- Opening Delimiter -
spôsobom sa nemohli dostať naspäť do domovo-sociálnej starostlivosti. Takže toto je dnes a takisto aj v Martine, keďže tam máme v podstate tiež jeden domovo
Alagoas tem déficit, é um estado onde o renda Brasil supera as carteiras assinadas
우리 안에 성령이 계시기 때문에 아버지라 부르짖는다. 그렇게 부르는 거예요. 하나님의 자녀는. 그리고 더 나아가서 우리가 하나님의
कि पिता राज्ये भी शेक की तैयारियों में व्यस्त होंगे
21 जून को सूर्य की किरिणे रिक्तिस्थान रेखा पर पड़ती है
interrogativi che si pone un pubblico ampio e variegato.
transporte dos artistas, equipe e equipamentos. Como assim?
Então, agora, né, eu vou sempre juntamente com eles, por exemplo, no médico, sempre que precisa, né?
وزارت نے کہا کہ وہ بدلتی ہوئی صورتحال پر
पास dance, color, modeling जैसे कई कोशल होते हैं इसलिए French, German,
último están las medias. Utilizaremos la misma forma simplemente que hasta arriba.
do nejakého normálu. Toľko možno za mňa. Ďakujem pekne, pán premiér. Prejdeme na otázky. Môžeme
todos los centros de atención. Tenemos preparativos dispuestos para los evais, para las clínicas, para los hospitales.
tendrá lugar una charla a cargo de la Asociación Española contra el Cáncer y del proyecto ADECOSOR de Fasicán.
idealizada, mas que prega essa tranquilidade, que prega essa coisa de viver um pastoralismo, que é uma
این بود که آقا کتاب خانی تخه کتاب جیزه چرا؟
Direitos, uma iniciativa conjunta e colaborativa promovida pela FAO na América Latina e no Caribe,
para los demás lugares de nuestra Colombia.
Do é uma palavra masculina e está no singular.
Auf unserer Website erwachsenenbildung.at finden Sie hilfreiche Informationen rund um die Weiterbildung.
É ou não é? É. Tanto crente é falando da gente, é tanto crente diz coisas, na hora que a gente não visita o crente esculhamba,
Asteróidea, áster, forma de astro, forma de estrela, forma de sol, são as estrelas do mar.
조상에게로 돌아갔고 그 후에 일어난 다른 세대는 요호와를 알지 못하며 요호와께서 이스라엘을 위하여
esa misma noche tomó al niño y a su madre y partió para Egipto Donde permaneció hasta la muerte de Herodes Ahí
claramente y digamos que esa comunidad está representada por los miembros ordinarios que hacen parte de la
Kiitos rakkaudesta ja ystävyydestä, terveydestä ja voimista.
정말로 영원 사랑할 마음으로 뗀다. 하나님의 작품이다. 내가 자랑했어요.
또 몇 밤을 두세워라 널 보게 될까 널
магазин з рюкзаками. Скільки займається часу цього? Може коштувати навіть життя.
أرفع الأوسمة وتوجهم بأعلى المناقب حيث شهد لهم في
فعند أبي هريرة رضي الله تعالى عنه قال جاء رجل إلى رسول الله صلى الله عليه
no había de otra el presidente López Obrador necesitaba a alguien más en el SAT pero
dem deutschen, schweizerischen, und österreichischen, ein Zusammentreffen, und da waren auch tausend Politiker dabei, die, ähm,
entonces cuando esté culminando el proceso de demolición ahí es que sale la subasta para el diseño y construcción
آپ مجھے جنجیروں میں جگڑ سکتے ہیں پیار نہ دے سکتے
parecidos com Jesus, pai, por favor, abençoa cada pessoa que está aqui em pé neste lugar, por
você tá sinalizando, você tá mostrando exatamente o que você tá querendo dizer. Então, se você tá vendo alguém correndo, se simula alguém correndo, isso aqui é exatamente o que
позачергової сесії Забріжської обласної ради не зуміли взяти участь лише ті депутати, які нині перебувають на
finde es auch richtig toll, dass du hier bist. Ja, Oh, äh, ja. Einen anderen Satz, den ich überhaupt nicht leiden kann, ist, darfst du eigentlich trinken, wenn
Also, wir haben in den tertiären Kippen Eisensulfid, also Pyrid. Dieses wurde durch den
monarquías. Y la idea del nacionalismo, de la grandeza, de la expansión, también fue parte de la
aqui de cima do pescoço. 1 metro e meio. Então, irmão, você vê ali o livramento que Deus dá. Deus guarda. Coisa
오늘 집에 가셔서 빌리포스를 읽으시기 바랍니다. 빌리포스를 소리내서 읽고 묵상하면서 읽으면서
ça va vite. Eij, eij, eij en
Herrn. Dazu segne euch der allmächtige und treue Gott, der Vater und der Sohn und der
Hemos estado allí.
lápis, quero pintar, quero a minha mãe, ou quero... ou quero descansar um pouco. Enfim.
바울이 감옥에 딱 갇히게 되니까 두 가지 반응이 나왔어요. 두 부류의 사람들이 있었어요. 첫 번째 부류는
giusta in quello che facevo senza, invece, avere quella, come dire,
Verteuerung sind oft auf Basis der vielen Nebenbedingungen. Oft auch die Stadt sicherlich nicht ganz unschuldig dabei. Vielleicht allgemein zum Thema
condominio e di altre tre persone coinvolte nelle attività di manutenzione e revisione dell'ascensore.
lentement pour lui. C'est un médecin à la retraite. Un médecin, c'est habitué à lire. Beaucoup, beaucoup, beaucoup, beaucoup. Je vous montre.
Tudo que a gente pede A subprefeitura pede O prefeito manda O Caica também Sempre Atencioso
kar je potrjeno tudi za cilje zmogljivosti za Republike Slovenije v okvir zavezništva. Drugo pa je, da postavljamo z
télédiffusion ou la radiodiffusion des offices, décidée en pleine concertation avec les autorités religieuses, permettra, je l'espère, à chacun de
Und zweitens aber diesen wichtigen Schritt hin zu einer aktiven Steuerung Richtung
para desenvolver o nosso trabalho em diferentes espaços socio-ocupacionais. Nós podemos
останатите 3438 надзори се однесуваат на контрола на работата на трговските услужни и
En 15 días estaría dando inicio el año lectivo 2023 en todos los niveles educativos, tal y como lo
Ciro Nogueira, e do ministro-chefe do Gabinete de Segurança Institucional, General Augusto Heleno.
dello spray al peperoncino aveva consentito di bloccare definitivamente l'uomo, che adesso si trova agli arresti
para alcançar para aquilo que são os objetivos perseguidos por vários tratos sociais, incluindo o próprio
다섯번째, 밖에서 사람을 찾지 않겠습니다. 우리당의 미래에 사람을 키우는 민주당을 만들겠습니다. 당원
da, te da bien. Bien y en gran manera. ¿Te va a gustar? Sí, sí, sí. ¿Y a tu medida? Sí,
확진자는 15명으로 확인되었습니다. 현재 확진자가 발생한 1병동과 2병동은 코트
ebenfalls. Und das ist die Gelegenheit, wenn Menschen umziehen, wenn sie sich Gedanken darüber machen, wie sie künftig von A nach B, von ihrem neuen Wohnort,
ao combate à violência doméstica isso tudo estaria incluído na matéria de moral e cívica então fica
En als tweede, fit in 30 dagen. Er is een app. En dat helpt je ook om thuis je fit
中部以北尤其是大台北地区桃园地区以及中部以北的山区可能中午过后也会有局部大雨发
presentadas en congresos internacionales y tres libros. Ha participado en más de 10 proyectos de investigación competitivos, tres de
- Closing Delimiter -
PROBLEM :: This exercise calls for an exact reproduction of the material.

RESULT OF THIS EXERCISE ::
spôsobom sa nemohli dostať naspäť do domovo-sociálnej starostlivosti. Takže toto je dnes a takisto aj v Martine, keďže tam máme v podstate tiež jeden domovo
Alagoas tem déficit, é um estado onde o renda Brasil supera as carteiras assinadas
우리 안에 성령이 계시기 때문에 아버지라 부르짖는다. 그렇게 부르는 거예요. 하나님의 자녀는. 그리고 더 나아가서 우리가 하나님의
कि पिता राज्ये भी शेक की तैयारियों में व्यस्त होंगे
21 जून को सूर्य की किरिणे रिक्तिस्थान रेखा पर पड़ती है
interrogativi che si pone un pubblico ampio e variegato.
transporte dos artistas, equipe e equipamentos. Como assim?
Então, agora, né, eu vou sempre juntamente com eles, por exemplo, no médico, sempre que precisa, né?
وزارت نے کہا کہ وہ بدلتی ہوئی صورتحال پر
पास dance, color, modeling जैसे कई कोशल होते हैं इसलिए French, German,
último están las medias. Utilizaremos la misma forma simplemente que hasta arriba.
do nejakého normálu. Toľko možno za mňa. Ďakujem pekne, pán premiér. Prejdeme na otázky. Môžeme
todos los centros de atención. Tenemos preparativos dispuestos para los evais, para las clínicas, para los hospitales.
tendrá lugar una charla a cargo de la Asociación Española contra el Cáncer y del proyecto ADECOSOR de Fasicán.
idealizada, mas que prega essa tranquilidade, que prega essa coisa de viver um pastoralismo, que é uma
این بود که آقا کتاب خانی تخه کتاب جیزه چرا؟
Direitos, uma iniciativa conjunta e colaborativa promovida pela FAO na América Latina e no Caribe,
para los demás lugares de nuestra Colombia.
Do é uma palavra masculina e está no singular.
Auf unserer Website erwachsenenbildung.at finden Sie hilfreiche Informationen rund um die Weiterbildung.
É ou não é? É. Tanto crente é falando da gente, é tanto crente diz coisas, na hora que a gente não visita o crente esculhamba,
Asteróidea, áster, forma de astro, forma de estrela, forma de sol, são as estrelas do mar.
조상에게로 돌아갔고 그 후에 일어난 다른 세대는 요호와를 알지 못하며 요호와께서 이스라엘을 위하여
esa misma noche tomó al niño y a su madre y partió para Egipto Donde permaneció hasta la muerte de Herodes Ahí
claramente y digamos que esa comunidad está representada por los miembros ordinarios que hacen parte de la
Kiitos rakkaudesta ja ystävyydestä, terveydestä ja voimista.
정말로 영원 사랑할 마음으로 뗀다. 하나님의 작품이다. 내가 자랑했어요.
또 몇 밤을 두세워라 널 보게 될까 널
магазин з рюкзаками. Скільки займається часу цього? Може коштувати навіть життя.
أرفع الأوسمة وتوجهم بأعلى المناقب حيث شهد لهم في
فعند أبي هريرة رضي الله تعالى عنه قال جاء رجل إلى رسول الله صلى الله عليه
no había de otra el presidente López Obrador necesitaba a alguien más en el SAT pero
dem deutschen, schweizerischen, und österreichischen, ein Zusammentreffen, und da waren auch tausend Politiker dabei, die, ähm,
entonces cuando esté culminando el proceso de demolición ahí es que sale la subasta para el diseño y construcción
آپ مجھے جنجیروں میں جگڑ سکتے ہیں پیار نہ دے سکتے
parecidos com Jesus, pai, por favor, abençoa cada pessoa que está aqui em pé neste lugar, por
você tá sinalizando, você tá mostrando exatamente o que você tá querendo dizer. Então, se você tá vendo alguém correndo, se simula alguém correndo, isso aqui é exatamente o que
позачергової сесії Забріжської обласної ради не зуміли взяти участь лише ті депутати, які нині перебувають на
finde es auch richtig toll, dass du hier bist. Ja, Oh, äh, ja. Einen anderen Satz, den ich überhaupt nicht leiden kann, ist, darfst du eigentlich trinken, wenn
Also, wir haben in den tertiären Kippen Eisensulfid, also Pyrid. Dieses wurde durch den
monarquías. Y la idea del nacionalismo, de la grandeza, de la expansión, también fue parte de la
aqui de cima do pescoço. 1 metro e meio. Então, irmão, você vê ali o livramento que Deus dá. Deus guarda. Coisa
오늘 집에 가셔서 빌리포스를 읽으시기 바랍니다. 빌리포스를 소리내서 읽고 묵상하면서 읽으면서
ça va vite. Eij, eij, eij en
Herrn. Dazu segne euch der allmächtige und treue Gott, der Vater und der Sohn und der
Hemos estado allí.
lápis, quero pintar, quero a minha mãe, ou quero... ou quero descansar um pouco. Enfim.
바울이 감옥에 딱 갇히게 되니까 두 가지 반응이 나왔어요. 두 부류의 사람들이 있었어요. 첫 번째 부류는
giusta in quello che facevo senza, invece, avere quella, come dire,
Verteuerung sind oft auf Basis der vielen Nebenbedingungen. Oft auch die Stadt sicherlich nicht ganz unschuldig dabei. Vielleicht allgemein zum Thema
condominio e di altre tre persone coinvolte nelle attività di manutenzione e revisione dell'ascensore.
lentement pour lui. C'est un médecin à la retraite. Un médecin, c'est habitué à lire. Beaucoup, beaucoup, beaucoup, beaucoup. Je vous montre.
Tudo que a gente pede A subprefeitura pede O prefeito manda O Caica também Sempre Atencioso
kar je potrjeno tudi za cilje zmogljivosti za Republike Slovenije v okvir zavezništva. Drugo pa je, da postavljamo z
télédiffusion ou la radiodiffusion des offices, décidée en pleine concertation avec les autorités religieuses, permettra, je l'espère, à chacun de
Und zweitens aber diesen wichtigen Schritt hin zu einer aktiven Steuerung Richtung
para desenvolver o nosso trabalho em diferentes espaços socio-ocupacionais. Nós podemos
останатите 3438 надзори се однесуваат на контрола на работата на трговските услужни и
En 15 días estaría dando inicio el año lectivo 2023 en todos los niveles educativos, tal y como lo
Ciro Nogueira, e do ministro-chefe do Gabinete de Segurança Institucional, General Augusto Heleno.
dello spray al peperoncino aveva consentito di bloccare definitivamente l'uomo, che adesso si trova agli arresti
para alcançar para aquilo que são os objetivos perseguidos por vários tratos sociais, incluindo o próprio
다섯번째, 밖에서 사람을 찾지 않겠습니다. 우리당의 미래에 사람을 키우는 민주당을 만들겠습니다. 당원
da, te da bien. Bien y en gran manera. ¿Te va a gustar? Sí, sí, sí. ¿Y a tu medida? Sí,
확진자는 15명으로 확인되었습니다. 현재 확진자가 발생한 1병동과 2병동은 코트
ebenfalls. Und das ist die Gelegenheit, wenn Menschen umziehen, wenn sie sich Gedanken darüber machen, wie sie künftig von A nach B, von ihrem neuen Wohnort,
ao combate à violência doméstica isso tudo estaria incluído na matéria de moral e cívica então fica
En als tweede, fit in 30 dagen. Er is een app. En dat helpt je ook om thuis je fit
中部以北尤其是大台北地区桃园地区以及中部以北的山区可能中午过后也会有局部大雨发
presentadas en congresos internacionales y tres libros. Ha participado en más de 10 proyectos de investigación competitivos, tres de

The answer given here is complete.